In other words, it seeks to take policing out of Pretoria’s orbit and place it into the hands of those closest to the communities affected by crime. This is not federalism in the American sense, but rather a subsidiarity model which is rooted in the established constitutional principle that decisions should be made at the lowest competent level. And after three decades of centralised policing marked by inefficiency, corruption, and unresponsiveness, this proposal is both undoubtedly necessary and decades overdue.

Crime in Khayelitsha is not the same as crime in Kimberley or Komatipoort. And yet, police strategy in all three places is dictated by a bloated national SAPS bureaucracy, often preoccupied with ministerial optics rather than meaningful safety outcomes.

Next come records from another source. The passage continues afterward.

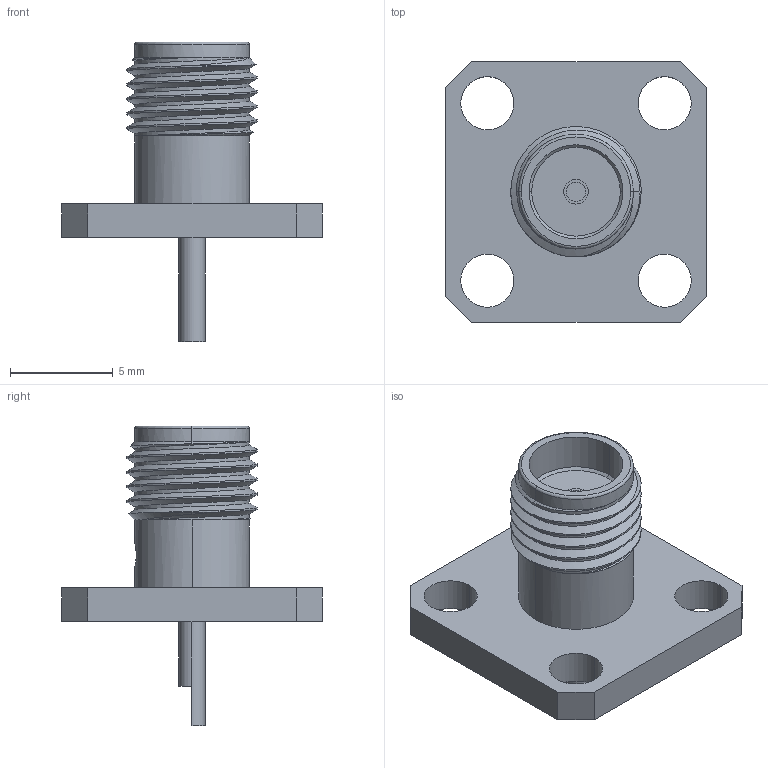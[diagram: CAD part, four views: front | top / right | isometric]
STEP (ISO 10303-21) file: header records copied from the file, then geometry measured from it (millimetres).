
FILE_DESCRIPTION (( 'STEP AP214' ), '1' );
FILE_NAME ('LCCN3114_3D.STEP', '2022-04-12T15:14:30', ( '' ), ( '' ), 'SwSTEP 2.0', 'SolidWorks 2021', '' );
FILE_SCHEMA (( 'AUTOMOTIVE_DESIGN' ));
Length unit declared in the file: inch
Products named in the file (1): LCCN3114_3D
Bounding box: 12.7 x 12.7 x 14.61 mm (x, y, z)
Volume: 399.9 mm3; surface area: 651.7 mm2
Topology: 1 solids, 1 shells, 73 faces, 174 edges, 111 vertices
Faces by surface type: cylinder 36, plane 22, cone 10, bspline 3, torus 2
Entity records: 3493 total; most frequent: CARTESIAN_POINT 1555, ORIENTED_EDGE 348, DIRECTION 335, EDGE_CURVE 174, AXIS2_PLACEMENT_3D 130, VERTEX_POINT 111, EDGE_LOOP 89, LINE 75

By devolving policing, the amendment aims to tailor law enforcement to local realities, enhance accountability (via provincial legislatures), and create competitive pressure for performance. If one province can run a cleaner, quicker, more trusted police service, the others may be forced to catch up. That is democratic dynamism.

Make no mistake: this will not be easy. Many provinces lack the administrative and financial capacity to run full-fledged police services. The risk is a patchwork of competence—Gauteng may innovate, while Limpopo falters. To mitigate this, the Bill retains a national coordinating role for matters like organised crime, intelligence, and cross-border enforcement. This attempts to avoid fragmentation through functional decentralisation.

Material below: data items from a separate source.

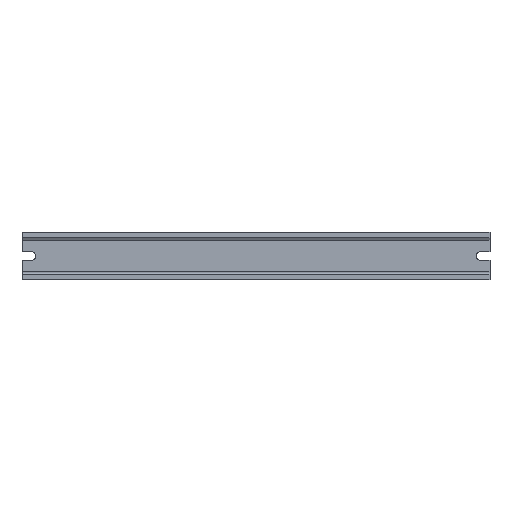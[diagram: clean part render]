
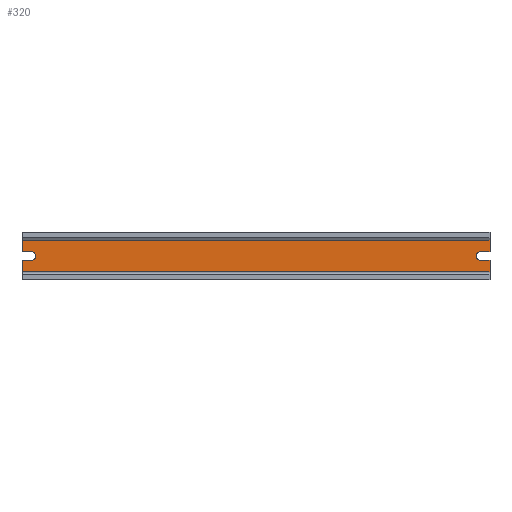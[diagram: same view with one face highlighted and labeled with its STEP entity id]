
A CAD part, top view. The second image highlights one B-rep face of the part: STEP entity #320.
In plain terms, the highlighted planar face has unit normal (0, 0, 1).
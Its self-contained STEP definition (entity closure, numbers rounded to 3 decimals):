
#236=AXIS2_PLACEMENT_3D('Plane Axis2P3D',#233,#234,#235) ;
#270=AXIS2_PLACEMENT_3D('Circle Axis2P3D',#268,#269,$) ;
#50=CARTESIAN_POINT('Vertex',(6.85,20.65,1.5)) ;
#53=CARTESIAN_POINT('Line Origine',(3.425,20.65,1.5)) ;
#57=CARTESIAN_POINT('Vertex',(0.,20.65,1.5)) ;
#209=CARTESIAN_POINT('Control Point',(6.85,14.35,1.5)) ;
#210=CARTESIAN_POINT('Control Point',(7.84,14.35,1.5)) ;
#211=CARTESIAN_POINT('Control Point',(8.829,14.739,1.5)) ;
#212=CARTESIAN_POINT('Control Point',(9.611,15.521,1.5)) ;
#213=CARTESIAN_POINT('Control Point',(10.389,17.5,1.5)) ;
#214=CARTESIAN_POINT('Control Point',(9.611,19.479,1.5)) ;
#215=CARTESIAN_POINT('Control Point',(8.829,20.261,1.5)) ;
#216=CARTESIAN_POINT('Control Point',(7.84,20.65,1.5)) ;
#217=CARTESIAN_POINT('Control Point',(6.85,20.65,1.5)) ;
#218=CARTESIAN_POINT('Vertex',(6.85,14.35,1.5)) ;
#233=CARTESIAN_POINT('Axis2P3D Location',(0.,29.,1.5)) ;
#238=CARTESIAN_POINT('Line Origine',(0.,10.175,1.5)) ;
#242=CARTESIAN_POINT('Vertex',(0.,14.35,1.5)) ;
#244=CARTESIAN_POINT('Vertex',(0.,6.,1.5)) ;
#247=CARTESIAN_POINT('Line Origine',(171.,6.,1.5)) ;
#251=CARTESIAN_POINT('Vertex',(342.,6.,1.5)) ;
#254=CARTESIAN_POINT('Line Origine',(342.,10.175,1.5)) ;
#258=CARTESIAN_POINT('Vertex',(342.,14.35,1.5)) ;
#261=CARTESIAN_POINT('Line Origine',(338.575,14.35,1.5)) ;
#265=CARTESIAN_POINT('Vertex',(335.15,14.35,1.5)) ;
#268=CARTESIAN_POINT('Axis2P3D Location',(335.15,17.5,1.5)) ;
#272=CARTESIAN_POINT('Vertex',(335.15,20.65,1.5)) ;
#275=CARTESIAN_POINT('Line Origine',(338.575,20.65,1.5)) ;
#279=CARTESIAN_POINT('Vertex',(342.,20.65,1.5)) ;
#282=CARTESIAN_POINT('Line Origine',(342.,24.825,1.5)) ;
#286=CARTESIAN_POINT('Vertex',(342.,29.,1.5)) ;
#289=CARTESIAN_POINT('Line Origine',(171.,29.,1.5)) ;
#293=CARTESIAN_POINT('Vertex',(0.,29.,1.5)) ;
#296=CARTESIAN_POINT('Line Origine',(0.,24.825,1.5)) ;
#301=CARTESIAN_POINT('Line Origine',(3.425,14.35,1.5)) ;
#54=DIRECTION('Vector Direction',(-1.,0.,0.)) ;
#234=DIRECTION('Axis2P3D Direction',(-0.,0.,1.)) ;
#235=DIRECTION('Axis2P3D XDirection',(0.,-1.,0.)) ;
#239=DIRECTION('Vector Direction',(0.,-1.,0.)) ;
#248=DIRECTION('Vector Direction',(1.,0.,0.)) ;
#255=DIRECTION('Vector Direction',(0.,-1.,0.)) ;
#262=DIRECTION('Vector Direction',(1.,0.,0.)) ;
#269=DIRECTION('Axis2P3D Direction',(-0.,0.,1.)) ;
#276=DIRECTION('Vector Direction',(1.,0.,0.)) ;
#283=DIRECTION('Vector Direction',(0.,-1.,0.)) ;
#290=DIRECTION('Vector Direction',(1.,0.,0.)) ;
#297=DIRECTION('Vector Direction',(0.,-1.,0.)) ;
#302=DIRECTION('Vector Direction',(-1.,0.,0.)) ;
#55=VECTOR('Line Direction',#54,1.) ;
#240=VECTOR('Line Direction',#239,1.) ;
#249=VECTOR('Line Direction',#248,1.) ;
#256=VECTOR('Line Direction',#255,1.) ;
#263=VECTOR('Line Direction',#262,1.) ;
#277=VECTOR('Line Direction',#276,1.) ;
#284=VECTOR('Line Direction',#283,1.) ;
#291=VECTOR('Line Direction',#290,1.) ;
#298=VECTOR('Line Direction',#297,1.) ;
#303=VECTOR('Line Direction',#302,1.) ;
#307=ORIENTED_EDGE('',*,*,#246,.T.) ;
#308=ORIENTED_EDGE('',*,*,#253,.T.) ;
#309=ORIENTED_EDGE('',*,*,#260,.F.) ;
#310=ORIENTED_EDGE('',*,*,#267,.F.) ;
#311=ORIENTED_EDGE('',*,*,#274,.F.) ;
#312=ORIENTED_EDGE('',*,*,#281,.T.) ;
#313=ORIENTED_EDGE('',*,*,#288,.F.) ;
#314=ORIENTED_EDGE('',*,*,#295,.F.) ;
#315=ORIENTED_EDGE('',*,*,#300,.T.) ;
#316=ORIENTED_EDGE('',*,*,#59,.F.) ;
#317=ORIENTED_EDGE('',*,*,#220,.F.) ;
#318=ORIENTED_EDGE('',*,*,#305,.T.) ;
#320=ADVANCED_FACE('Rail',(#319),#237,.T.) ;
#208=B_SPLINE_CURVE_WITH_KNOTS('',5,(#209,#210,#211,#212,#213,#214,#215,#216,#217),.UNSPECIFIED.,.F.,.U.,(6,3,6),(-4.948,0.,4.948),.UNSPECIFIED.) ;
#271=CIRCLE('generated circle',#270,3.15) ;
#59=EDGE_CURVE('',#51,#58,#56,.T.) ;
#220=EDGE_CURVE('',#219,#51,#208,.T.) ;
#246=EDGE_CURVE('',#243,#245,#241,.T.) ;
#253=EDGE_CURVE('',#245,#252,#250,.T.) ;
#260=EDGE_CURVE('',#259,#252,#257,.T.) ;
#267=EDGE_CURVE('',#266,#259,#264,.T.) ;
#274=EDGE_CURVE('',#273,#266,#271,.T.) ;
#281=EDGE_CURVE('',#273,#280,#278,.T.) ;
#288=EDGE_CURVE('',#287,#280,#285,.T.) ;
#295=EDGE_CURVE('',#294,#287,#292,.T.) ;
#300=EDGE_CURVE('',#294,#58,#299,.T.) ;
#305=EDGE_CURVE('',#219,#243,#304,.T.) ;
#306=EDGE_LOOP('',(#307,#308,#309,#310,#311,#312,#313,#314,#315,#316,#317,#318)) ;
#319=FACE_OUTER_BOUND('',#306,.T.) ;
#56=LINE('Line',#53,#55) ;
#241=LINE('Line',#238,#240) ;
#250=LINE('Line',#247,#249) ;
#257=LINE('Line',#254,#256) ;
#264=LINE('Line',#261,#263) ;
#278=LINE('Line',#275,#277) ;
#285=LINE('Line',#282,#284) ;
#292=LINE('Line',#289,#291) ;
#299=LINE('Line',#296,#298) ;
#304=LINE('Line',#301,#303) ;
#237=PLANE('',#236) ;
#51=VERTEX_POINT('',#50) ;
#58=VERTEX_POINT('',#57) ;
#219=VERTEX_POINT('',#218) ;
#243=VERTEX_POINT('',#242) ;
#245=VERTEX_POINT('',#244) ;
#252=VERTEX_POINT('',#251) ;
#259=VERTEX_POINT('',#258) ;
#266=VERTEX_POINT('',#265) ;
#273=VERTEX_POINT('',#272) ;
#280=VERTEX_POINT('',#279) ;
#287=VERTEX_POINT('',#286) ;
#294=VERTEX_POINT('',#293) ;

Moreover, devolution could serve as a pressure valve for national politics. When governance is shared, political tensions diffuse. Local failures can no longer be blamed solely on the national government, nor can successes be monopolised for political gain. In a fracturing political environment, such a balance could be stabilising.

Conclusion

Our Power to the People Amendment does not promise utopia. It offers something far more grounded, namely a return to first principles, a recalibration of state power, and a modest invitation to reimagine governance from the bottom up.

Free SA has chosen these three reforms—a leaner Cabinet, the end of state monopolies, and the devolution of policing—precisely because they strike at the symbolic and structural heart of South Africa’s post-apartheid malaise. Each addresses not just a technical dysfunction, but a deeper political pathology.

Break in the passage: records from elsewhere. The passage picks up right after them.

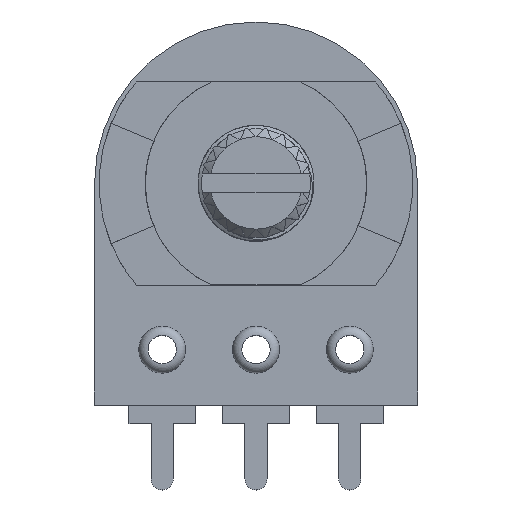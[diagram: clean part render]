
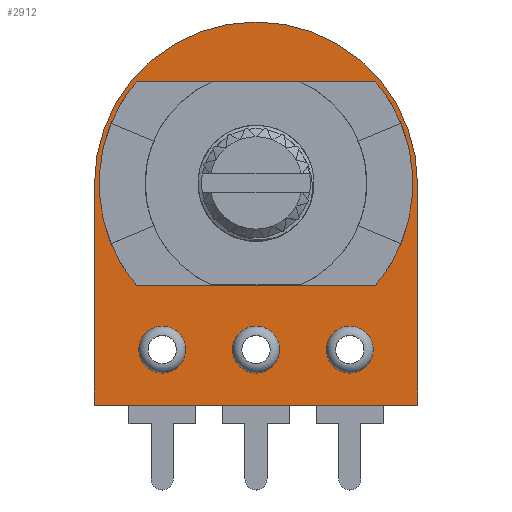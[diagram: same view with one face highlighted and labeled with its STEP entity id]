
A CAD part, top view. The second image highlights one B-rep face of the part: STEP entity #2912.
In plain terms, the highlighted planar face has unit normal (0, 0, 1).
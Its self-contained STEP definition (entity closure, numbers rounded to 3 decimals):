
#173=FACE_BOUND('',#927,.T.);
#174=FACE_BOUND('',#928,.T.);
#175=FACE_BOUND('',#929,.T.);
#189=PLANE('',#3134);
#279=LINE('',#4312,#476);
#283=LINE('',#4320,#480);
#286=LINE('',#4326,#483);
#476=VECTOR('',#3476,10.);
#480=VECTOR('',#3482,10.);
#483=VECTOR('',#3487,10.);
#738=FACE_OUTER_BOUND('',#926,.T.);
#926=EDGE_LOOP('',(#2023,#2024,#2025,#2026));
#927=EDGE_LOOP('',(#2027));
#928=EDGE_LOOP('',(#2028));
#929=EDGE_LOOP('',(#2029));
#1119=CIRCLE('',#3113,1.27);
#1122=CIRCLE('',#3117,1.27);
#1125=CIRCLE('',#3121,1.27);
#1129=CIRCLE('',#3132,8.75);
#1255=VERTEX_POINT('',#4282);
#1257=VERTEX_POINT('',#4288);
#1259=VERTEX_POINT('',#4294);
#1263=VERTEX_POINT('',#4310);
#1264=VERTEX_POINT('',#4311);
#1267=VERTEX_POINT('',#4319);
#1269=VERTEX_POINT('',#4325);
#1534=EDGE_CURVE('',#1255,#1255,#1119,.T.);
#1537=EDGE_CURVE('',#1257,#1257,#1122,.T.);
#1540=EDGE_CURVE('',#1259,#1259,#1125,.T.);
#1547=EDGE_CURVE('',#1263,#1264,#279,.T.);
#1551=EDGE_CURVE('',#1267,#1263,#283,.T.);
#1554=EDGE_CURVE('',#1269,#1267,#286,.T.);
#1557=EDGE_CURVE('',#1269,#1264,#1129,.T.);
#2023=ORIENTED_EDGE('',*,*,#1557,.T.);
#2024=ORIENTED_EDGE('',*,*,#1547,.F.);
#2025=ORIENTED_EDGE('',*,*,#1551,.F.);
#2026=ORIENTED_EDGE('',*,*,#1554,.F.);
#2027=ORIENTED_EDGE('',*,*,#1534,.T.);
#2028=ORIENTED_EDGE('',*,*,#1537,.T.);
#2029=ORIENTED_EDGE('',*,*,#1540,.T.);
#2912=ADVANCED_FACE('',(#738,#173,#174,#175),#189,.T.);
#3113=AXIS2_PLACEMENT_3D('',#4284,#3441,#3442);
#3117=AXIS2_PLACEMENT_3D('',#4290,#3449,#3450);
#3121=AXIS2_PLACEMENT_3D('',#4296,#3457,#3458);
#3132=AXIS2_PLACEMENT_3D('',#4331,#3492,#3493);
#3134=AXIS2_PLACEMENT_3D('',#4333,#3496,#3497);
#3441=DIRECTION('center_axis',(0.,0.,-1.));
#3442=DIRECTION('ref_axis',(1.,0.,0.));
#3449=DIRECTION('center_axis',(0.,0.,-1.));
#3450=DIRECTION('ref_axis',(1.,0.,0.));
#3457=DIRECTION('center_axis',(0.,0.,-1.));
#3458=DIRECTION('ref_axis',(1.,0.,0.));
#3476=DIRECTION('',(0.,1.,0.));
#3482=DIRECTION('',(-1.,0.,0.));
#3487=DIRECTION('',(0.,-1.,0.));
#3492=DIRECTION('center_axis',(0.,0.,1.));
#3493=DIRECTION('ref_axis',(1.,0.,0.));
#3496=DIRECTION('center_axis',(0.,0.,1.));
#3497=DIRECTION('ref_axis',(1.,0.,0.));
#4282=CARTESIAN_POINT('',(3.81,-9.,0.));
#4284=CARTESIAN_POINT('Origin',(5.08,-9.,0.));
#4288=CARTESIAN_POINT('',(-1.27,-9.,0.));
#4290=CARTESIAN_POINT('Origin',(0.,-9.,0.));
#4294=CARTESIAN_POINT('',(-6.35,-9.,0.));
#4296=CARTESIAN_POINT('Origin',(-5.08,-9.,0.));
#4310=CARTESIAN_POINT('',(-8.75,-12.,0.));
#4311=CARTESIAN_POINT('',(-8.75,0.,0.));
#4312=CARTESIAN_POINT('',(-8.75,-12.,0.));
#4319=CARTESIAN_POINT('',(8.75,-12.,0.));
#4320=CARTESIAN_POINT('',(8.75,-12.,0.));
#4325=CARTESIAN_POINT('',(8.75,0.,0.));
#4326=CARTESIAN_POINT('',(8.75,0.,0.));
#4331=CARTESIAN_POINT('Origin',(0.,0.,0.));
#4333=CARTESIAN_POINT('Origin',(0.,-1.625,0.));

A bloated executive is not merely inefficient; it signals a political culture of excess and patronage, where the party is always viewed as more important than the people. SOE monopolies are not just uncompetitive; they symbolise a state that fears its own people and does not trust the ingenuity of the private citizen to build, innovate, and thrive. And centralised policing is not merely unresponsive, but it reflects a distrust of local autonomy and the assumption that central intelligence is more effective than local experience. In this sense, these reforms are chosen because they force the state to answer a more fundamental question: Are we here for ourselves, or for the communities that elected us to serve them?

Unlike the arrival of a State of the Nation Address, this amendment will not fix Eskom overnight. It will also not end crime in Eldorado Park. But it may help lay the foundation for a state that knows its limits, minds its budget, and trusts its people. This, in a country long governed by promises of transformation, may prove the most transformative step of all.